Put on a one-line, it almost imports the whole page. I think this is not a normal behaviour, isn’t it?

1 Like

This is indeed really weird, the preview of the onebox is completely different than the cooked version…

We have seen this before, it implies badly invalid markup on the target site which somehow confuses the oneboxer, that is what I recall.

So what should we do about it?

See if the target site passes html validation via the w3c validator, and if not, how many errors does it report?

Error Line 1250, Column 113: Stray end tag a.
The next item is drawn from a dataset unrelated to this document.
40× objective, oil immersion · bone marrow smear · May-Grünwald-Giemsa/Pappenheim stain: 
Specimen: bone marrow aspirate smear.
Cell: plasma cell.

…s://fr.wordpress.com/?ref=lof">Build a website with WordPress.com</a></a></div>

Yep, that’ll mess up the document structure.

2 Likes

Not sure how to fix this. Can we make onebox more tolerant of screwed up HTML?

We can, nokogiri can iron out bad html and we can trucate it at some sort of sane size.

@techapj can you add this to your list?

3 Likes

This is now fixed via:

https://github.com/discourse/onebox/commit/1b8bef8f96a4353cdfa6bc67da87d6750d5d31bf

3 Likes

Here’s how it looks now :+1:

3 Likes